Telefon dla asa wywiadu powinien być smukły i stosunkowo niewielki, a Xperia T na pewno taka nie jest. To pokaźnych rozmiarów konstrukcja, która jednak niezwykle wygodnie leży w dłoni. Wszystko dzięki delikatnie wklęsłej tylnej części obudowy. Zabieg okazał się prosty, ale efekty są niepowtarzalne. Wyróżnia go także kilka innych elementów, m.in. ścięte krawędzie przedniego panelu czy umieszczenie wszystkich przycisków (power, kontrolerów głośności i spustu migawki) w jednym miejscu. Jak przystało na urządzenie z najwyższej półki, obudowy Xperii T nie można otworzyć. Karty microSD i micro USB umieszcza się w slotach ukrytych za wspólną zaślepką.

Reklama

Wykonanie telefonu jest wzorowe i trudno w nim znaleźć chociażby jeden słaby punkt. Cała bryła składa się z dwóch idealnie spasowanych elementów - korpusu z twardego i odpornego na zarysowania tworzywa oraz szklanego panelu. Ten ostatni został zaprojektowany zgodnie z obowiązującą modą, tzn. stanowi jednolicie czarną taflę szkła. Telefon nie zalicza się do grona najsmuklejszych, ale z pewnością może się podobać.

Jakość rozmów

Nowe urządzenia spisują się tu znakomicie, ale Sony Xperia T cierpi na jedną drobną przypadłość. O ile sama jakość dźwięku jest rewelacyjna i pozbawiona zniekształceń, to konstrukcja sprawia, że telefon musi znajdować się przy uchu we właściwej pozycji. W przeciwnym razie prawie w ogóle nie słychać rozmówcy.

Specyfikacja

Jednym z najważniejszych elementów nowego smartfona Sony jest ekran HD Reality Display o przekątnej 4,6 cala, z technologią Mobile BRAVIA Engine. Wyświetlany przez niego obraz cechuje się świetnym odwzorowaniem kolorów i wysokim kontrastem. Za ostrość odpowiada natomiast rozdzielczość 720 x 1280 pikseli. W konsekwencji ekran Xperii T nie ustępuje Retinie z iPhone'a i Super LCD 2 z HTC One X. Nietrudno uznać jego wyższość nad Super AMOLED-em z Galaxy S III.

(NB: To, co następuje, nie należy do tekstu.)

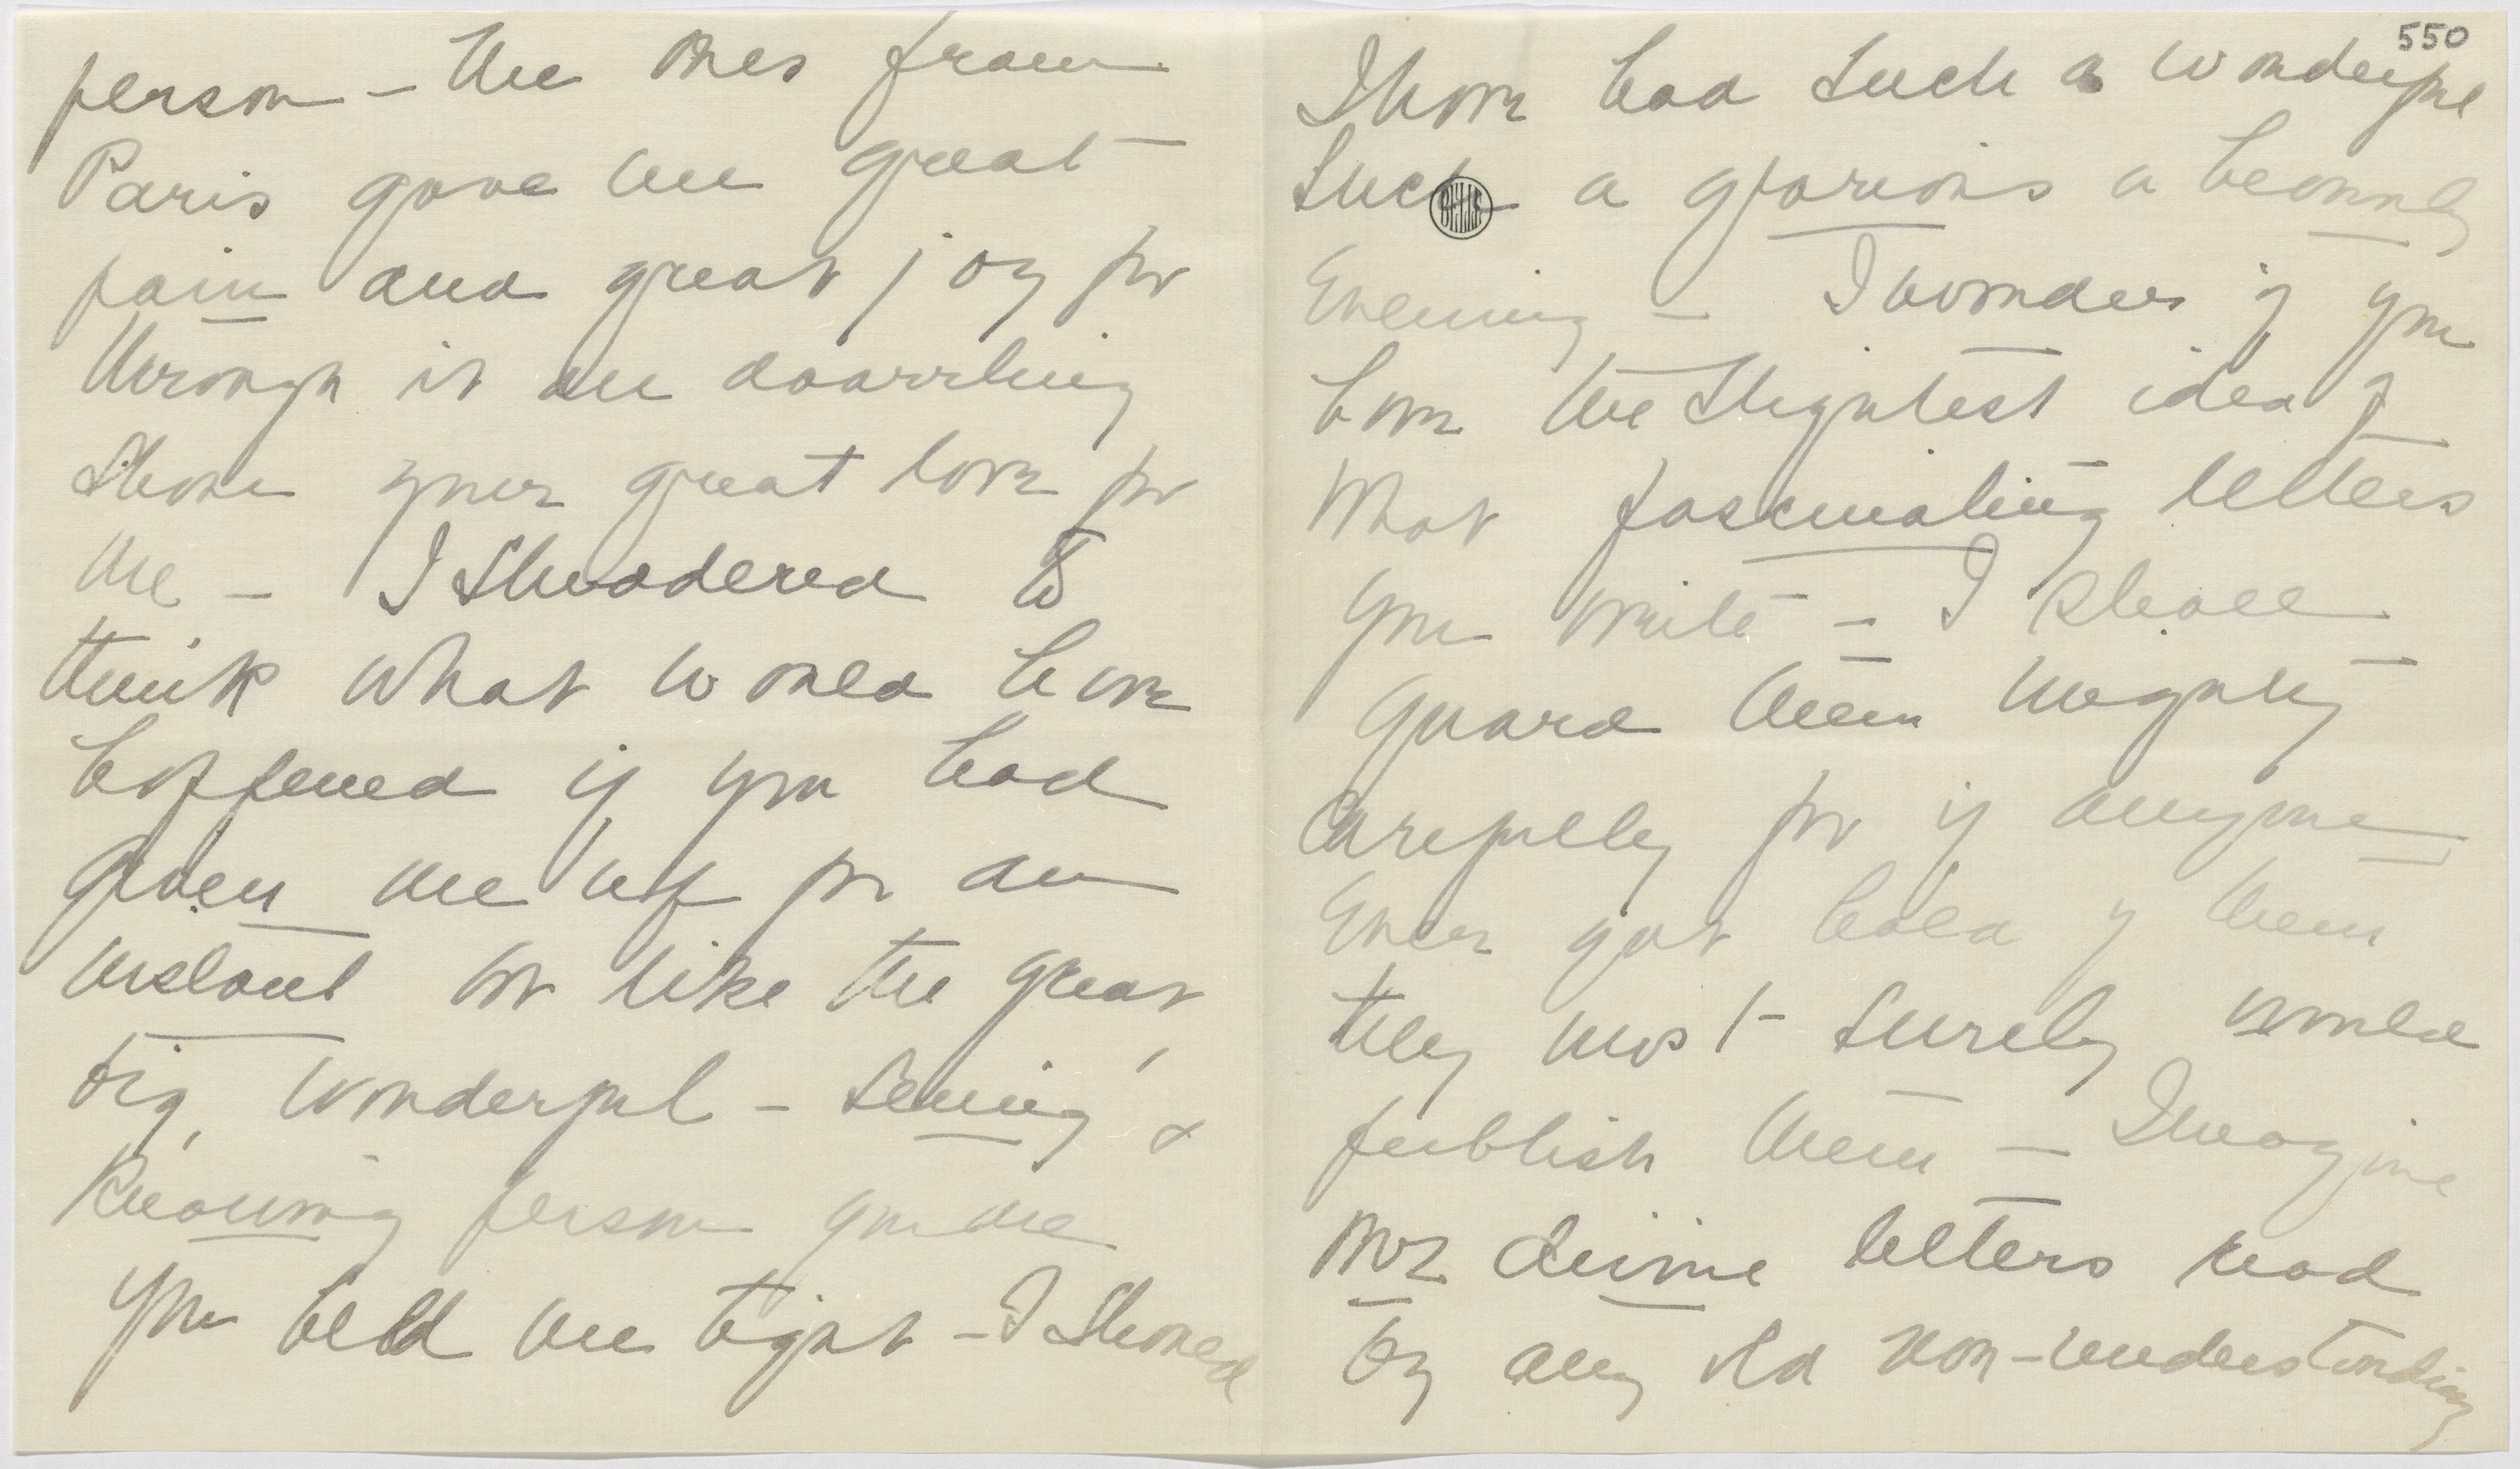I have had such a wonderful such a glorious a heavenly evening – I wonder if you have the slightest idea of what fascinating letters you write – I shall guard them mighty carefully for if anyone ever got hold of them they most surely would publish them – Imagine our divine letters read by any old non-understanding
person – The ones from Paris gave me great pain and great joy for through it all daarrling shone your great love for me – I shuddered to think what would have happened if you had given me up for an instant for like the great big, wonderful-seeing & knowing person you are you held me tight – I should

Czołowi producenci sięgnęli już po potężne czterordzeniowe układy. Galaxy S III, HTC One X czy LG Swift 4X HD - wszystkie korzystają z chipsetów Quad Core, co ma ogromne znaczenie z punktu widzenia marketingu. Sony jest tutaj wyjątkiem. Xperię T napędza bardzo wydajny Snapdragon S4 w dwurdzeniowej konfiguracji z procesorem graficznym Adreno 225. Wsparcie ze strony 1 GB pamięci RAM sprawia, że telefon bez trudu obsługuje wymagające gry i płynnie wyświetla animacje interfejsu. Z dwoma rdzeniami doskonale radzą sobie także smartfony z Windows Phone i dwie ostatnie generacje iPhone'a.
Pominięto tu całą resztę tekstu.